(Recorded data)
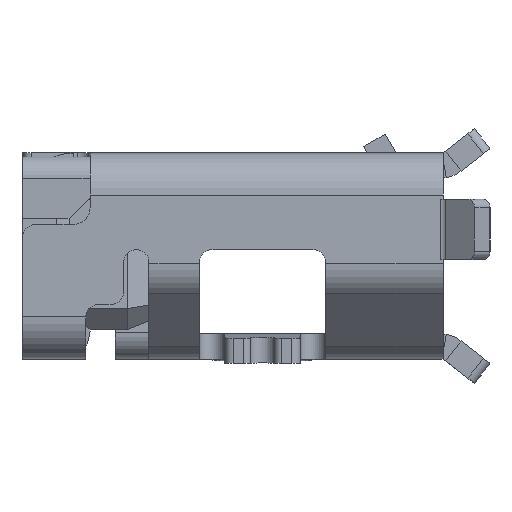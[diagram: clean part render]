
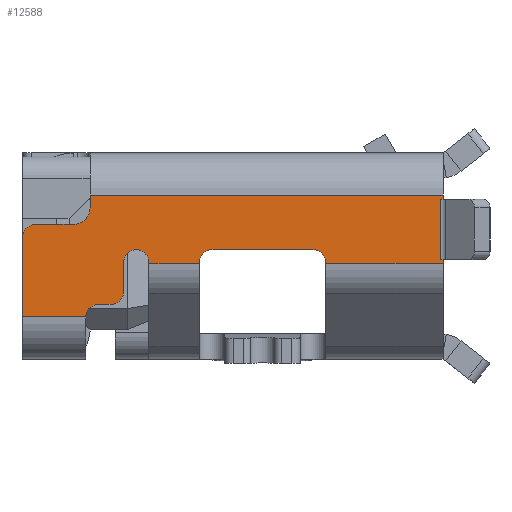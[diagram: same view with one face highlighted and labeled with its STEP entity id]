
A CAD part, left-side view. The second image highlights one B-rep face of the part: STEP entity #12588.
In plain terms, the highlighted planar face has unit normal (-1, 0, 0).
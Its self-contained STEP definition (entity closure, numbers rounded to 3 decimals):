
#659=DIRECTION('',(0.,0.,-1.));
#660=VECTOR('',#659,0.15);
#661=CARTESIAN_POINT('',(-3.75,-0.5,-4.921));
#662=LINE('7890',#661,#660);
#671=CARTESIAN_POINT('',(-3.75,0.15,-5.421));
#672=DIRECTION('',(1.,0.,0.));
#673=DIRECTION('',(0.,1.,0.));
#674=AXIS2_PLACEMENT_3D('',#671,#672,#673);
#676=CARTESIAN_POINT('',(-3.75,-0.3,-5.071));
#677=DIRECTION('',(-1.,0.,0.));
#678=DIRECTION('',(0.,0.,-1.));
#679=AXIS2_PLACEMENT_3D('',#676,#677,#678);
#681=CARTESIAN_POINT('',(-3.75,-3.15,-5.721));
#682=DIRECTION('',(-1.,0.,0.));
#683=DIRECTION('',(0.,-1.,0.));
#684=AXIS2_PLACEMENT_3D('',#681,#682,#683);
#686=CARTESIAN_POINT('',(-3.75,-1.95,-5.721));
#687=DIRECTION('',(-1.,0.,0.));
#688=DIRECTION('',(0.,0.,1.));
#689=AXIS2_PLACEMENT_3D('',#686,#687,#688);
#691=CARTESIAN_POINT('',(-3.75,-1.05,-5.721));
#692=DIRECTION('',(-1.,0.,0.));
#693=DIRECTION('',(0.,-1.,0.));
#694=AXIS2_PLACEMENT_3D('',#691,#692,#693);
#696=CARTESIAN_POINT('',(-3.75,-0.75,-6.071));
#697=DIRECTION('',(1.,0.,0.));
#698=DIRECTION('',(0.,-1.,0.));
#699=AXIS2_PLACEMENT_3D('',#696,#697,#698);
#701=CARTESIAN_POINT('',(-3.75,-0.6,-6.371));
#702=DIRECTION('',(-1.,0.,0.));
#703=DIRECTION('',(0.,0.,1.));
#704=AXIS2_PLACEMENT_3D('',#701,#702,#703);
#737=DIRECTION('',(0.,0.,-1.));
#738=VECTOR('',#737,0.15);
#739=CARTESIAN_POINT('',(-3.75,0.3,-5.421));
#740=LINE('7911',#739,#738);
#4828=DIRECTION('',(0.,-1.,0.));
#4829=VECTOR('',#4828,0.15);
#4830=CARTESIAN_POINT('',(-3.75,-0.6,-6.221));
#4831=LINE('8463',#4830,#4829);
#4836=DIRECTION('',(0.,0.,1.));
#4837=VECTOR('',#4836,0.35);
#4838=CARTESIAN_POINT('',(-3.75,-0.9,-6.071));
#4839=LINE('8457',#4838,#4837);
#4852=DIRECTION('',(0.,0.,-1.));
#4853=VECTOR('',#4852,0.017);
#4854=CARTESIAN_POINT('',(-3.75,-1.2,-5.721));
#4855=LINE('8453',#4854,#4853);
#4878=DIRECTION('',(0.,-1.,0.));
#4879=VECTOR('',#4878,0.6);
#4880=CARTESIAN_POINT('',(-3.75,-1.2,-5.738));
#4881=LINE('8309',#4880,#4879);
#7366=DIRECTION('',(0.,-1.,0.));
#7367=VECTOR('',#7366,1.4);
#7368=CARTESIAN_POINT('',(-3.75,-3.3,-5.738));
#7369=LINE('8345',#7368,#7367);
#7414=DIRECTION('',(0.,0.,1.));
#7415=VECTOR('',#7414,0.05);
#7416=CARTESIAN_POINT('',(-3.75,-4.7,-5.738));
#7417=LINE('8410',#7416,#7415);
#7426=DIRECTION('',(0.,1.,0.));
#7427=VECTOR('',#7426,0.034);
#7428=CARTESIAN_POINT('',(-3.75,-4.7,-5.688));
#7429=LINE('8413',#7428,#7427);
#7444=DIRECTION('',(0.,0.,1.));
#7445=VECTOR('',#7444,0.717);
#7446=CARTESIAN_POINT('',(-3.75,-4.666,-5.688));
#7447=LINE('8417',#7446,#7445);
#7506=DIRECTION('',(0.,-1.,0.));
#7507=VECTOR('',#7506,0.034);
#7508=CARTESIAN_POINT('',(-3.75,-4.666,-4.971));
#7509=LINE('8431',#7508,#7507);
#7514=DIRECTION('',(0.,0.,1.));
#7515=VECTOR('',#7514,0.05);
#7516=CARTESIAN_POINT('',(-3.75,-4.7,-4.971));
#7517=LINE('8433',#7516,#7515);
#7602=DIRECTION('',(0.,0.,-1.));
#7603=VECTOR('',#7602,0.017);
#7604=CARTESIAN_POINT('',(-3.75,-3.3,-5.721));
#7605=LINE('8335',#7604,#7603);
#7622=DIRECTION('',(0.,-1.,0.));
#7623=VECTOR('',#7622,1.2);
#7624=CARTESIAN_POINT('',(-3.75,-1.95,-5.571));
#7625=LINE('8333',#7624,#7623);
#7638=DIRECTION('',(0.,0.,1.));
#7639=VECTOR('',#7638,0.017);
#7640=CARTESIAN_POINT('',(-3.75,-1.8,-5.738));
#7641=LINE('8329',#7640,#7639);
#7860=DIRECTION('',(0.,-1.,0.));
#7861=VECTOR('',#7860,0.75);
#7862=CARTESIAN_POINT('',(-3.75,0.3,-6.371));
#7863=LINE('9812',#7862,#7861);
#7884=DIRECTION('',(0.,0.,-1.));
#7885=VECTOR('',#7884,0.8);
#7886=CARTESIAN_POINT('',(-3.75,0.3,-5.571));
#7887=LINE('9809',#7886,#7885);
#8765=DIRECTION('',(0.,1.,0.));
#8766=VECTOR('',#8765,0.45);
#8767=CARTESIAN_POINT('',(-3.75,-0.3,-5.271));
#8768=LINE('7888',#8767,#8766);
#8777=DIRECTION('',(0.,1.,0.));
#8778=VECTOR('',#8777,4.2);
#8779=CARTESIAN_POINT('',(-3.75,-4.7,-4.921));
#8780=LINE('7891',#8779,#8778);
#9235=CARTESIAN_POINT('',(-3.75,0.3,-6.371));
#9236=VERTEX_POINT('',#9235);
#9239=CARTESIAN_POINT('',(-3.75,-0.45,-6.371));
#9240=VERTEX_POINT('',#9239);
#9242=CARTESIAN_POINT('',(-3.75,-0.6,-6.221));
#9244=VERTEX_POINT('',#9242);
#9245=CARTESIAN_POINT('',(-3.75,0.3,-5.421));
#9246=CARTESIAN_POINT('',(-3.75,0.15,-5.271));
#9247=VERTEX_POINT('',#9245);
#9248=VERTEX_POINT('',#9246);
#9249=CARTESIAN_POINT('',(-3.75,-0.3,-5.271));
#9250=VERTEX_POINT('',#9249);
#9251=CARTESIAN_POINT('',(-3.75,-0.5,-5.071));
#9252=VERTEX_POINT('',#9251);
#9253=CARTESIAN_POINT('',(-3.75,-0.5,-4.921));
#9254=VERTEX_POINT('',#9253);
#9255=CARTESIAN_POINT('',(-3.75,-4.7,-4.921));
#9256=VERTEX_POINT('',#9255);
#9257=CARTESIAN_POINT('',(-3.75,-3.3,-5.721));
#9258=CARTESIAN_POINT('',(-3.75,-3.15,-5.571));
#9259=VERTEX_POINT('',#9257);
#9260=VERTEX_POINT('',#9258);
#9261=CARTESIAN_POINT('',(-3.75,-1.95,-5.571));
#9262=CARTESIAN_POINT('',(-3.75,-1.8,-5.721));
#9263=VERTEX_POINT('',#9261);
#9264=VERTEX_POINT('',#9262);
#9265=CARTESIAN_POINT('',(-3.75,-1.2,-5.721));
#9266=CARTESIAN_POINT('',(-3.75,-0.9,-5.721));
#9267=VERTEX_POINT('',#9265);
#9268=VERTEX_POINT('',#9266);
#9269=CARTESIAN_POINT('',(-3.75,-0.9,-6.071));
#9270=CARTESIAN_POINT('',(-3.75,-0.75,-6.221));
#9271=VERTEX_POINT('',#9269);
#9272=VERTEX_POINT('',#9270);
#9307=CARTESIAN_POINT('',(-3.75,0.3,-5.571));
#9308=VERTEX_POINT('',#9307);
#9859=CARTESIAN_POINT('',(-3.75,-1.2,-5.738));
#9860=CARTESIAN_POINT('',(-3.75,-1.8,-5.738));
#9861=VERTEX_POINT('',#9859);
#9862=VERTEX_POINT('',#9860);
#9867=CARTESIAN_POINT('',(-3.75,-3.3,-5.738));
#9868=VERTEX_POINT('',#9867);
#9883=CARTESIAN_POINT('',(-3.75,-4.7,-5.738));
#9884=VERTEX_POINT('',#9883);
#9925=CARTESIAN_POINT('',(-3.75,-4.7,-5.688));
#9926=VERTEX_POINT('',#9925);
#9929=CARTESIAN_POINT('',(-3.75,-4.666,-5.688));
#9930=VERTEX_POINT('',#9929);
#9935=CARTESIAN_POINT('',(-3.75,-4.666,-4.971));
#9936=VERTEX_POINT('',#9935);
#9961=CARTESIAN_POINT('',(-3.75,-4.7,-4.971));
#9962=VERTEX_POINT('',#9961);
#12530=CARTESIAN_POINT('',(-3.75,-2.2,-5.646));
#12531=DIRECTION('',(1.,0.,0.));
#12532=DIRECTION('',(0.,0.,1.));
#12533=AXIS2_PLACEMENT_3D('',#12530,#12531,#12532);
#12534=PLANE('10059',#12533);
#12536=ORIENTED_EDGE('7887',*,*,#12535,.T.);
#12538=ORIENTED_EDGE('7888',*,*,#12537,.F.);
#12540=ORIENTED_EDGE('7889',*,*,#12539,.T.);
#12541=ORIENTED_EDGE('7890',*,*,#12519,.F.);
#12543=ORIENTED_EDGE('7891',*,*,#12542,.F.);
#12545=ORIENTED_EDGE('8433',*,*,#12544,.F.);
#12547=ORIENTED_EDGE('8431',*,*,#12546,.F.);
#12549=ORIENTED_EDGE('8417',*,*,#12548,.F.);
#12551=ORIENTED_EDGE('8413',*,*,#12550,.F.);
#12553=ORIENTED_EDGE('8410',*,*,#12552,.F.);
#12555=ORIENTED_EDGE('8345',*,*,#12554,.F.);
#12557=ORIENTED_EDGE('8335',*,*,#12556,.F.);
#12559=ORIENTED_EDGE('7892',*,*,#12558,.T.);
#12561=ORIENTED_EDGE('8333',*,*,#12560,.F.);
#12563=ORIENTED_EDGE('7893',*,*,#12562,.T.);
#12565=ORIENTED_EDGE('8329',*,*,#12564,.F.);
#12567=ORIENTED_EDGE('8309',*,*,#12566,.F.);
#12569=ORIENTED_EDGE('8453',*,*,#12568,.F.);
#12571=ORIENTED_EDGE('7894',*,*,#12570,.T.);
#12573=ORIENTED_EDGE('8457',*,*,#12572,.F.);
#12575=ORIENTED_EDGE('7895',*,*,#12574,.T.);
#12577=ORIENTED_EDGE('8463',*,*,#12576,.F.);
#12579=ORIENTED_EDGE('7896',*,*,#12578,.T.);
#12581=ORIENTED_EDGE('9812',*,*,#12580,.F.);
#12583=ORIENTED_EDGE('9809',*,*,#12582,.F.);
#12585=ORIENTED_EDGE('7911',*,*,#12584,.F.);
#12586=EDGE_LOOP('10059',(#12536,#12538,#12540,#12541,#12543,#12545,#12547,
#12549,#12551,#12553,#12555,#12557,#12559,#12561,#12563,#12565,#12567,#12569,
#12571,#12573,#12575,#12577,#12579,#12581,#12583,#12585));
#12587=FACE_OUTER_BOUND('10059',#12586,.F.);
#12588=ADVANCED_FACE('10059',(#12587),#12534,.F.);
#675=CIRCLE('7887',#674,0.15);
#680=CIRCLE('7889',#679,0.2);
#685=CIRCLE('7892',#684,0.15);
#690=CIRCLE('7893',#689,0.15);
#695=CIRCLE('7894',#694,0.15);
#700=CIRCLE('7895',#699,0.15);
#705=CIRCLE('7896',#704,0.15);
#12519=EDGE_CURVE('7890',#9254,#9252,#662,.T.);
#12535=EDGE_CURVE('7887',#9247,#9248,#675,.T.);
#12537=EDGE_CURVE('7888',#9250,#9248,#8768,.T.);
#12539=EDGE_CURVE('7889',#9250,#9252,#680,.T.);
#12542=EDGE_CURVE('7891',#9256,#9254,#8780,.T.);
#12544=EDGE_CURVE('8433',#9962,#9256,#7517,.T.);
#12546=EDGE_CURVE('8431',#9936,#9962,#7509,.T.);
#12548=EDGE_CURVE('8417',#9930,#9936,#7447,.T.);
#12550=EDGE_CURVE('8413',#9926,#9930,#7429,.T.);
#12552=EDGE_CURVE('8410',#9884,#9926,#7417,.T.);
#12554=EDGE_CURVE('8345',#9868,#9884,#7369,.T.);
#12556=EDGE_CURVE('8335',#9259,#9868,#7605,.T.);
#12558=EDGE_CURVE('7892',#9259,#9260,#685,.T.);
#12560=EDGE_CURVE('8333',#9263,#9260,#7625,.T.);
#12562=EDGE_CURVE('7893',#9263,#9264,#690,.T.);
#12564=EDGE_CURVE('8329',#9862,#9264,#7641,.T.);
#12566=EDGE_CURVE('8309',#9861,#9862,#4881,.T.);
#12568=EDGE_CURVE('8453',#9267,#9861,#4855,.T.);
#12570=EDGE_CURVE('7894',#9267,#9268,#695,.T.);
#12572=EDGE_CURVE('8457',#9271,#9268,#4839,.T.);
#12574=EDGE_CURVE('7895',#9271,#9272,#700,.T.);
#12576=EDGE_CURVE('8463',#9244,#9272,#4831,.T.);
#12578=EDGE_CURVE('7896',#9244,#9240,#705,.T.);
#12580=EDGE_CURVE('9812',#9236,#9240,#7863,.T.);
#12582=EDGE_CURVE('9809',#9308,#9236,#7887,.T.);
#12584=EDGE_CURVE('7911',#9247,#9308,#740,.T.);

**Task description**
The lines to extract from the data above begin with the line containing "#7887=LINE('9809',#7886,#7885);" and end with the line containing "#9272=VERTEX_POINT('',#9270);". Extract them exactly, including both.

**Solved exercise**
#7887=LINE('9809',#7886,#7885);
#8765=DIRECTION('',(0.,1.,0.));
#8766=VECTOR('',#8765,0.45);
#8767=CARTESIAN_POINT('',(-3.75,-0.3,-5.271));
#8768=LINE('7888',#8767,#8766);
#8777=DIRECTION('',(0.,1.,0.));
#8778=VECTOR('',#8777,4.2);
#8779=CARTESIAN_POINT('',(-3.75,-4.7,-4.921));
#8780=LINE('7891',#8779,#8778);
#9235=CARTESIAN_POINT('',(-3.75,0.3,-6.371));
#9236=VERTEX_POINT('',#9235);
#9239=CARTESIAN_POINT('',(-3.75,-0.45,-6.371));
#9240=VERTEX_POINT('',#9239);
#9242=CARTESIAN_POINT('',(-3.75,-0.6,-6.221));
#9244=VERTEX_POINT('',#9242);
#9245=CARTESIAN_POINT('',(-3.75,0.3,-5.421));
#9246=CARTESIAN_POINT('',(-3.75,0.15,-5.271));
#9247=VERTEX_POINT('',#9245);
#9248=VERTEX_POINT('',#9246);
#9249=CARTESIAN_POINT('',(-3.75,-0.3,-5.271));
#9250=VERTEX_POINT('',#9249);
#9251=CARTESIAN_POINT('',(-3.75,-0.5,-5.071));
#9252=VERTEX_POINT('',#9251);
#9253=CARTESIAN_POINT('',(-3.75,-0.5,-4.921));
#9254=VERTEX_POINT('',#9253);
#9255=CARTESIAN_POINT('',(-3.75,-4.7,-4.921));
#9256=VERTEX_POINT('',#9255);
#9257=CARTESIAN_POINT('',(-3.75,-3.3,-5.721));
#9258=CARTESIAN_POINT('',(-3.75,-3.15,-5.571));
#9259=VERTEX_POINT('',#9257);
#9260=VERTEX_POINT('',#9258);
#9261=CARTESIAN_POINT('',(-3.75,-1.95,-5.571));
#9262=CARTESIAN_POINT('',(-3.75,-1.8,-5.721));
#9263=VERTEX_POINT('',#9261);
#9264=VERTEX_POINT('',#9262);
#9265=CARTESIAN_POINT('',(-3.75,-1.2,-5.721));
#9266=CARTESIAN_POINT('',(-3.75,-0.9,-5.721));
#9267=VERTEX_POINT('',#9265);
#9268=VERTEX_POINT('',#9266);
#9269=CARTESIAN_POINT('',(-3.75,-0.9,-6.071));
#9270=CARTESIAN_POINT('',(-3.75,-0.75,-6.221));
#9271=VERTEX_POINT('',#9269);
#9272=VERTEX_POINT('',#9270);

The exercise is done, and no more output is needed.